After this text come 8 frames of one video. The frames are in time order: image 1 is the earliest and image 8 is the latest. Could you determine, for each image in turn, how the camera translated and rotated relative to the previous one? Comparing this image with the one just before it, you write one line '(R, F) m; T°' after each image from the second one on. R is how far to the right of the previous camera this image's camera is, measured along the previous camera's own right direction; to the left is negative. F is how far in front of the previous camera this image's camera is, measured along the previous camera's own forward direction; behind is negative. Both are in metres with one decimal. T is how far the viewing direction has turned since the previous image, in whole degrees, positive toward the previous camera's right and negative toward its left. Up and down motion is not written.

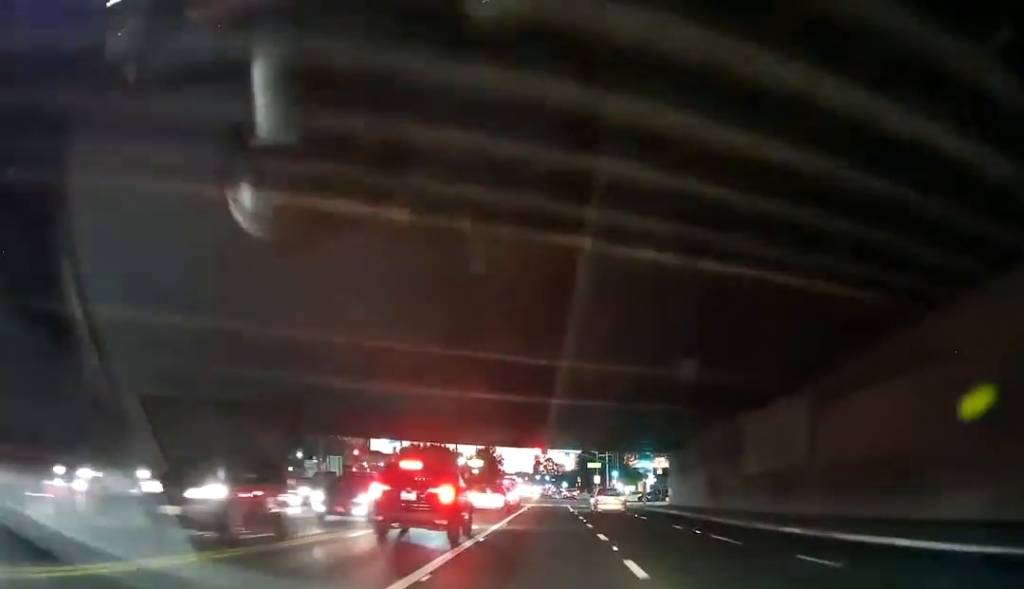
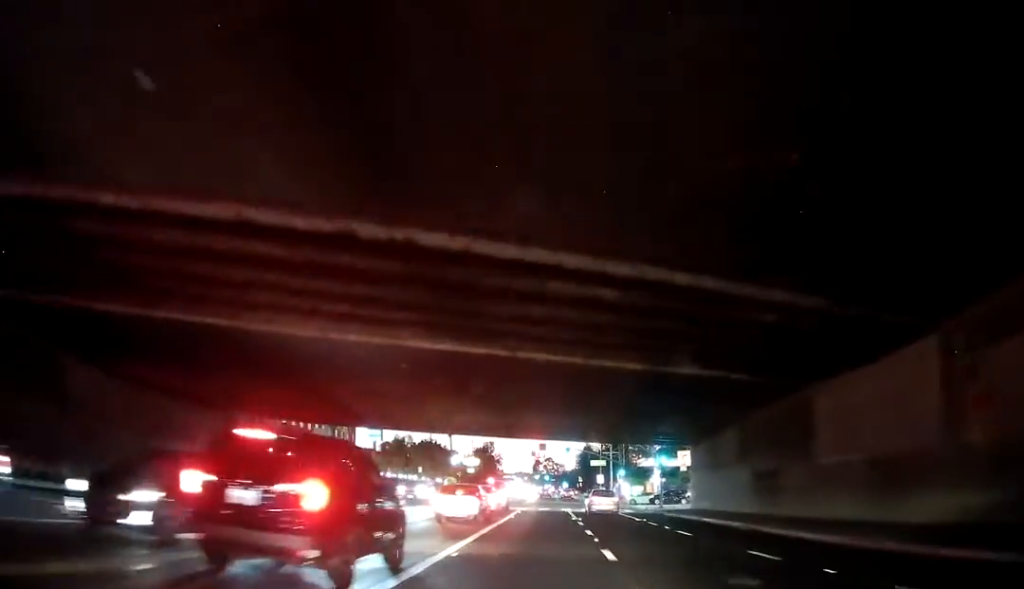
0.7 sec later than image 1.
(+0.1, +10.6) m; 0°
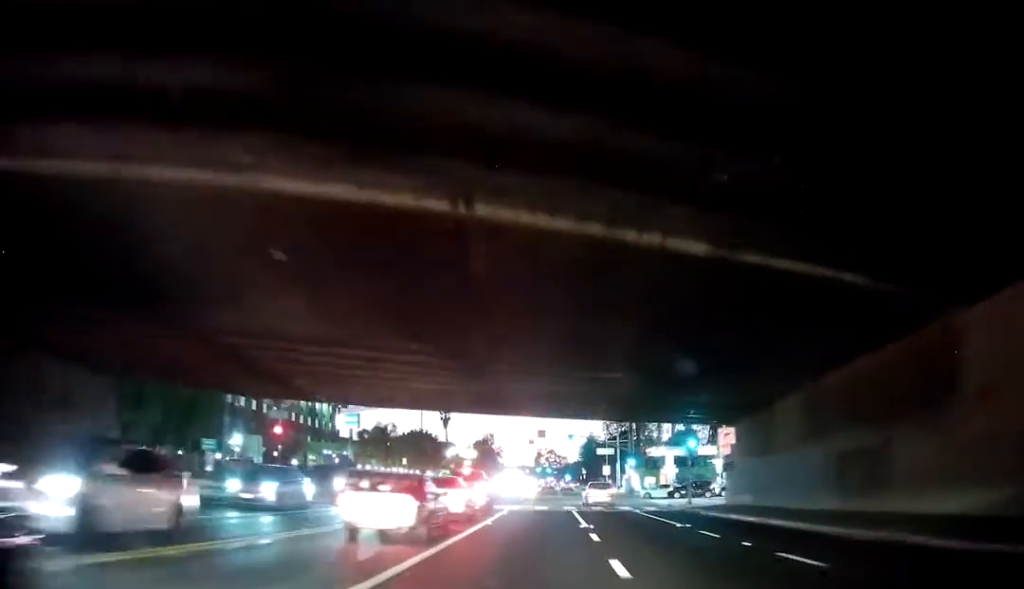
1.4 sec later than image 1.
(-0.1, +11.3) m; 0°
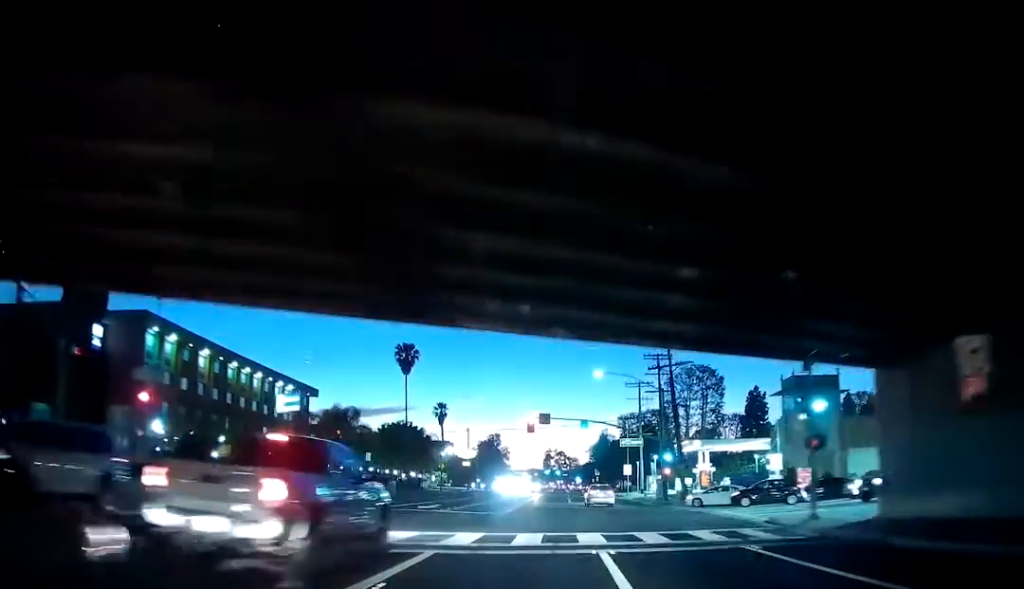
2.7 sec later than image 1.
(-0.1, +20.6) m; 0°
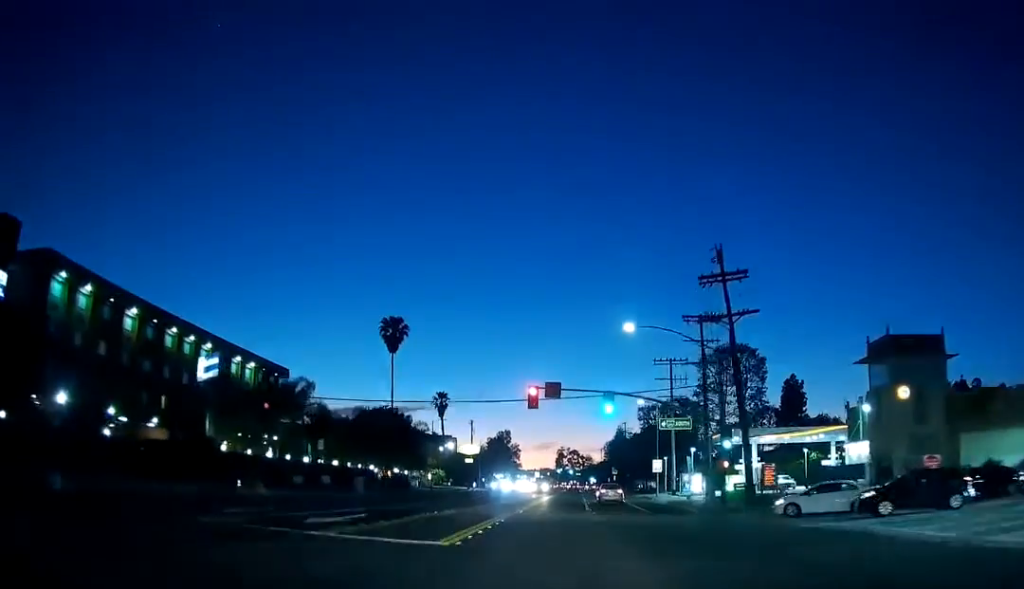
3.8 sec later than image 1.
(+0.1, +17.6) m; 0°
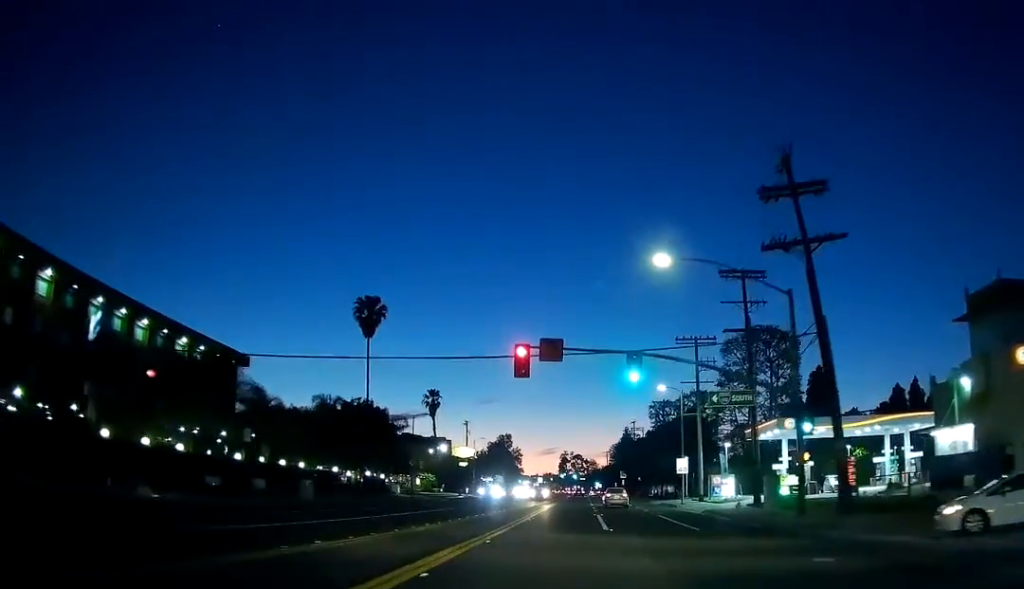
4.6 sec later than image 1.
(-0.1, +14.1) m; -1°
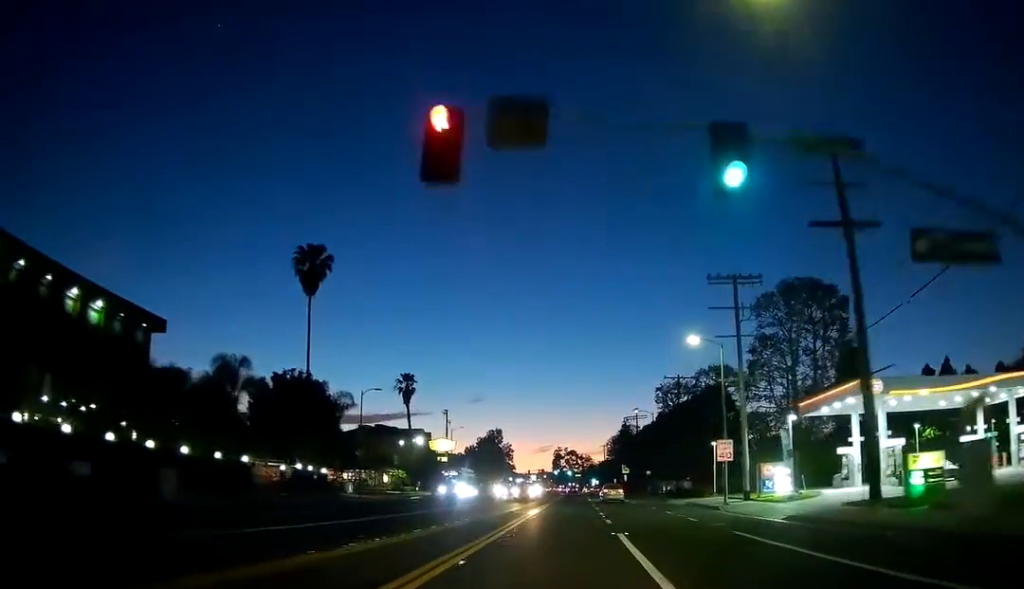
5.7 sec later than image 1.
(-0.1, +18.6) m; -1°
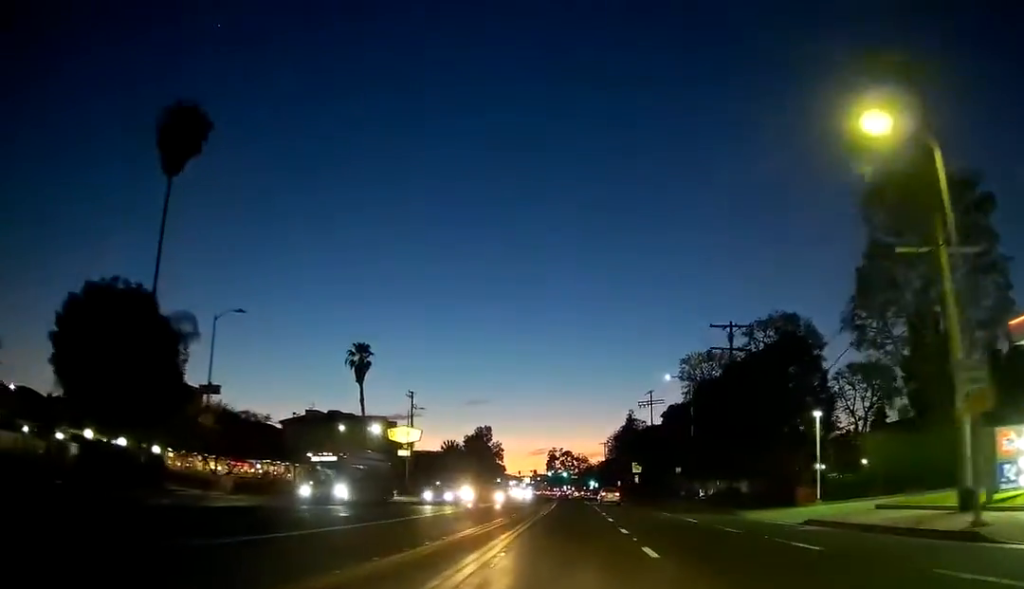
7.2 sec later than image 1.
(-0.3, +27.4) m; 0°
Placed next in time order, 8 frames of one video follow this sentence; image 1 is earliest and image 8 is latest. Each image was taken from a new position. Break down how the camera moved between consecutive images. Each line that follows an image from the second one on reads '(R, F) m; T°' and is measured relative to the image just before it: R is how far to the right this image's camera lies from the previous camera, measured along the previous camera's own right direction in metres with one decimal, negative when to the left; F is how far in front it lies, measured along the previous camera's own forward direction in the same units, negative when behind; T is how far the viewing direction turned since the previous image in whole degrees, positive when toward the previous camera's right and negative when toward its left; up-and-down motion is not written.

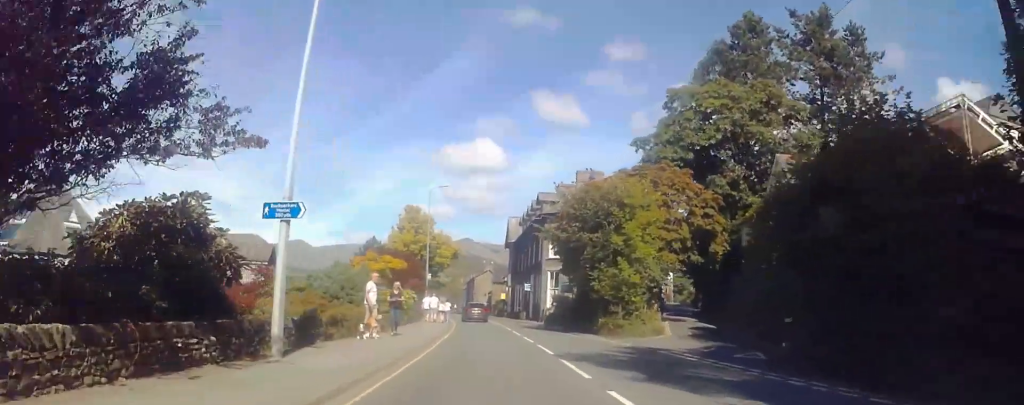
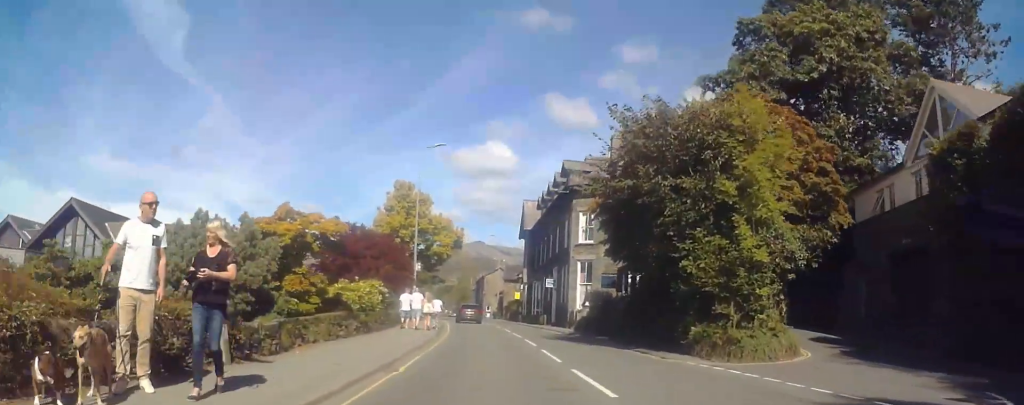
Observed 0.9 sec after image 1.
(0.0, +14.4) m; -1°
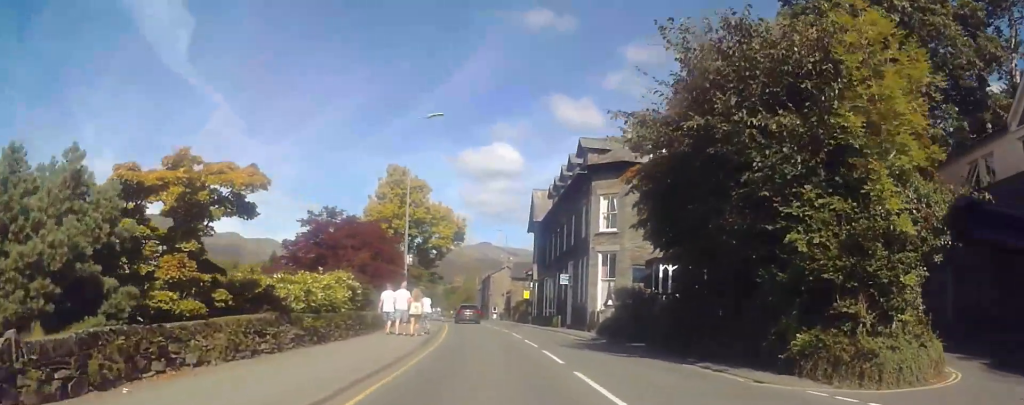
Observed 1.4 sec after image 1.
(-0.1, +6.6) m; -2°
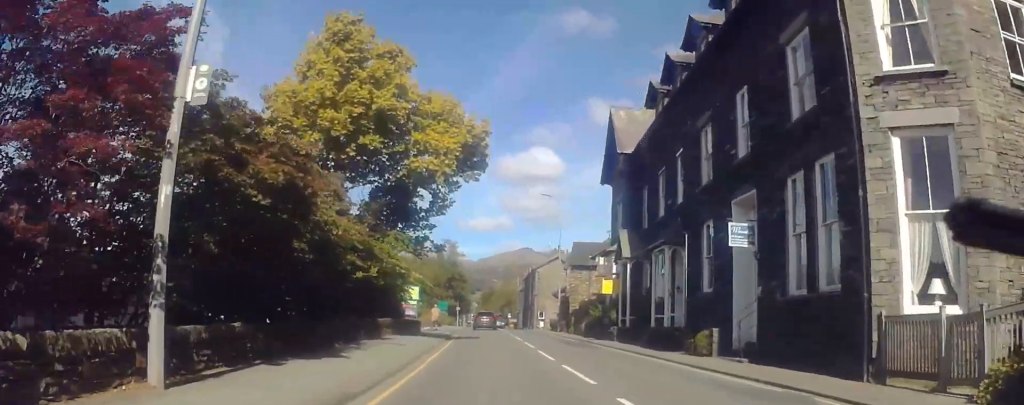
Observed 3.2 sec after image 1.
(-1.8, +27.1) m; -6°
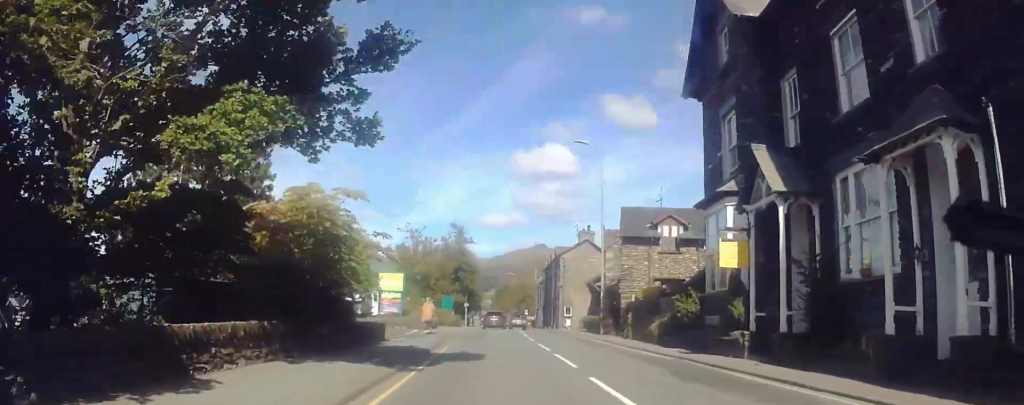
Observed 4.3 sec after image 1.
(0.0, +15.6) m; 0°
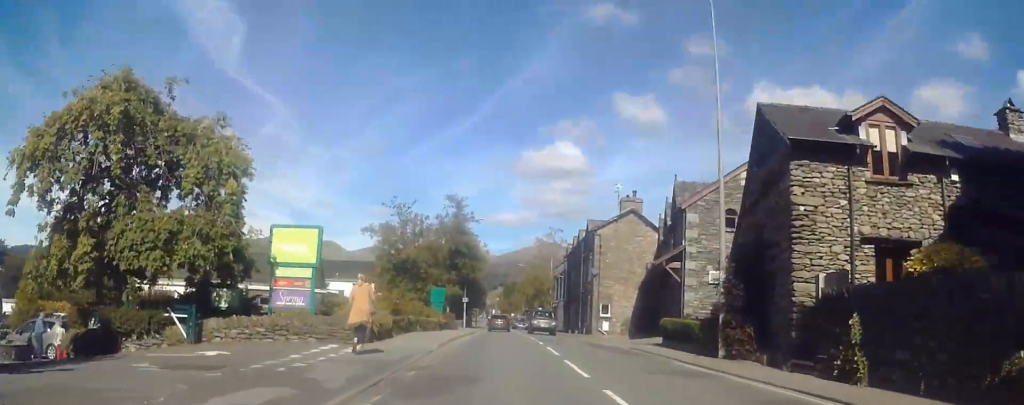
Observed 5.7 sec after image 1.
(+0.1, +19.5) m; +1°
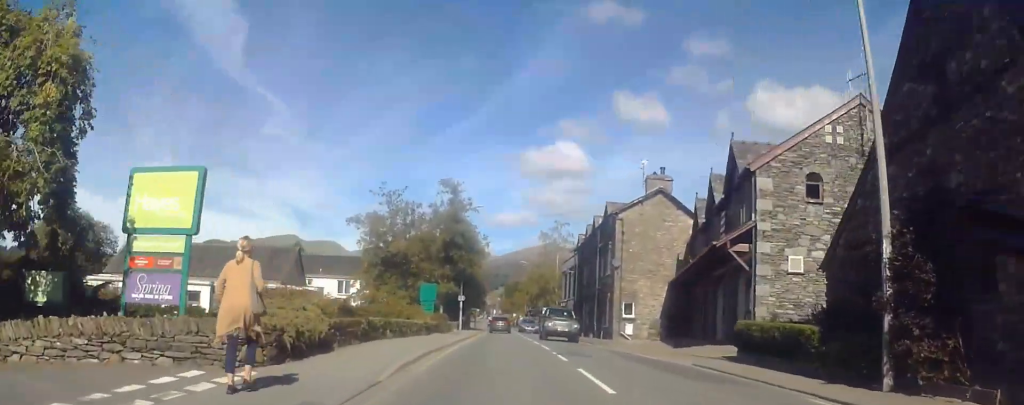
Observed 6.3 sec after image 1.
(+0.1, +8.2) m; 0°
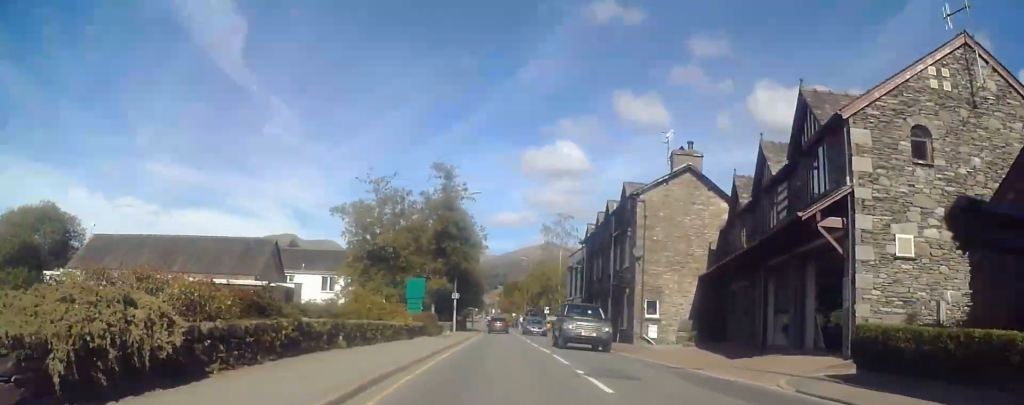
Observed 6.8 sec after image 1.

------------------------------

In the listing above, show every line with the word "camera".

▶ **Output below**:
After this text come 8 frames of one video. The frames are in time order: image 1 is the earliest and image 8 is the latest. Could you determine, for each image in turn, how the camera translated and rotated relative to the previous one? Comparing this image with the one just before it, you write one line '(R, F) m; T°' after each image from the second one on. R is how far to the right of the previous camera this image's camera is, measured along the previous camera's own right direction; to the left is negative. F is how far in front of the previous camera this image's camera is, measured along the previous camera's own forward direction; behind is negative. Both are in metres with one decimal. T is how far the viewing direction has turned since the previous image, in whole degrees, positive toward the previous camera's right and negative toward its left. Up and down motion is not written.
Placed next in time order, 8 frames of one video follow this sentence; image 1 is earliest and image 8 is latest. Each image was taken from a new position. Break down how the camera moved between consecutive images. Each line that follows an image from the second one on reads '(R, F) m; T°' and is measured relative to the image just before it: R is how far to the right this image's camera lies from the previous camera, measured along the previous camera's own right direction in metres with one decimal, negative when to the left; F is how far in front it lies, measured along the previous camera's own forward direction in the same units, negative when behind; T is how far the viewing direction turned since the previous image in whole degrees, positive when toward the previous camera's right and negative when toward its left; up-and-down motion is not written.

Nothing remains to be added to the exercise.